Olof Palme varlıklı burjuva bir ailenin çocuğu olarak dünyaya geldi. Genç yaşta sosyalist görüşleri benimsedi. Hukuk fakültesini bitirdikten sonra Sosyal Demokrat Başbakan Tage Arlander'in yanında danışman olarak çalışmaya başladı. Emeklilik ve eğitim reformlarının mimarı olarak göz doldurdu. Sosyal refah devletini güçlendirmek için yaptığı bütün reformlar sağ kesimde tepkilere yol açtı. Olof Palme sınıfına ihanet etmiş olmakla suçlandı.1970'lerde Willy Brandt ve Bruno Kreisky ile birlikte sosyal demokrasinin üç önemli isminden biri olarak öne çıktı. Vietnam Savaşı nedeniyle ABD'ye çok ağır eleştirilerde bulundu. Silahlanmaya karşı, barış için mücadele edenlerin sembolü haline geldi. 1980'lerin başında ABD'nin Orta Avrupa'ya Pershing ve Cruise füzeleri yerleştirme planına da şiddetle karşı çıktı. İsveç ordusunun silahlanma bütçesinin artırılması taleplerini de geri çevirdi. Uluslararası siyaset sahnesinin yıldızı olarak parlıyordu.

Sol ve sosyal demokrat kesimin yıldızıydı ama, aşırı sağçı ve ırkçı örgütlerce düşman ilan edilmişti. Ordu ve polis içinde Palme'yi Sovyet ajanı olarak görenlerin varlığından söz ediliyordu. Olof Palme iç ve dış politikanın bu konjonktürel durumunda öldürüldü.

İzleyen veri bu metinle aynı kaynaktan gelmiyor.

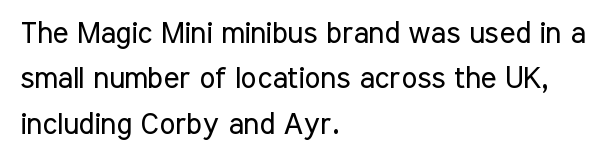
The image shows 30 px regular-weight, condensed sans-serif type, upright; set left-aligned, normal line spacing (1.51x), normal letter spacing, not underlined; low stroke contrast and a medium x-height.
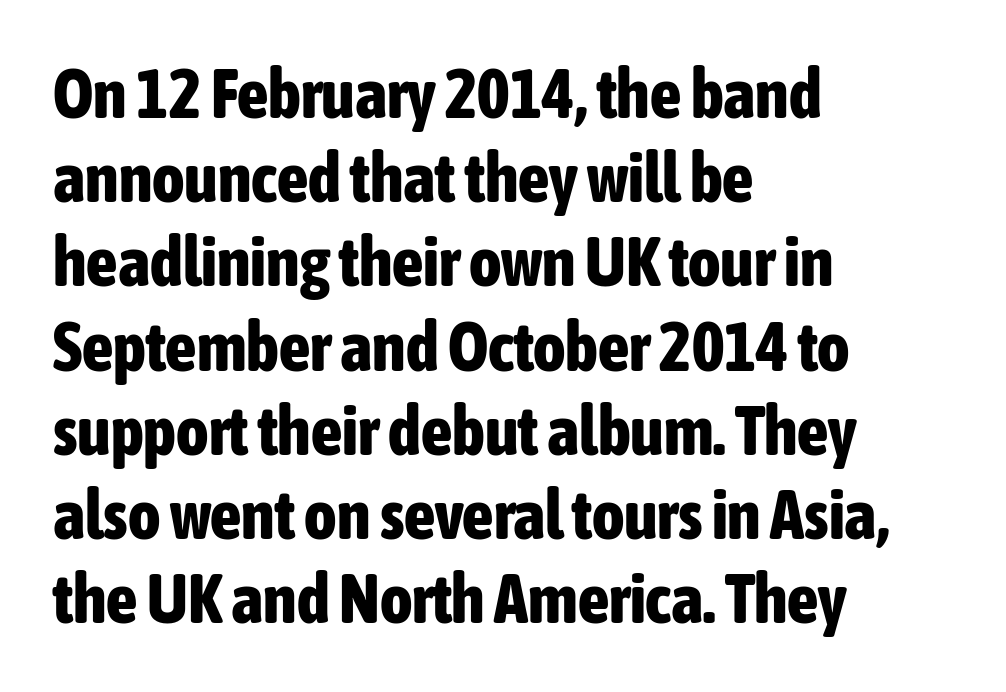
The area under the type is left untouched. As a designer I'd log this as weight 700, bold. Characters remain perfectly vertical along every line. I'd call this a sans setting — the letters go barefoot. The rendering keeps characters at their native spacing.

Palme'nin tercihi ahlâkiydi

Palme'nin ölümünden sonra sosyal demokrat partinin başına geçenler onun yerini dolduramadılar. Willy Brandt da Bruno Kreisky de, Palme'den yaşlıydı. Birkaç yıl sonra onlar da ölünce sosyalist enternasyonal, politik vizyon geliştirmek yerine, bazı ülkelerin etnik sorunlarıyla uğraşan, politik bakımdan zayıf, etkisiz bir klüp haline dönüştü.

Bugün Olof Palme'nin siyasi kişiliği gündeme geldiğinde, "acaba günümüzün sorunlarına nasıl yaklaşırdı" sorusunun yanıtı aranıyor. Palme için politika ahlâki bir sorundu. Önem verdiği değerler siyasi konjonktüre göre değişmiyordu. İnsanlar için fırsat eşitliğini savunuyor, adil bir sistemin reform yoluyla kurulmasını istiyordu. Serbest pazar ekonomisinden yanaydı ama kâr amaçlı sağlık ve eğitim sistemine karşıydı. O yüzden bugün geleneksel muhafazakârların bile eleştirmeye başladığı yeni liberal düzene mutlaka karşı çıkardı. (Deutsche Welle) 28.02.2011 16:00[2564276]   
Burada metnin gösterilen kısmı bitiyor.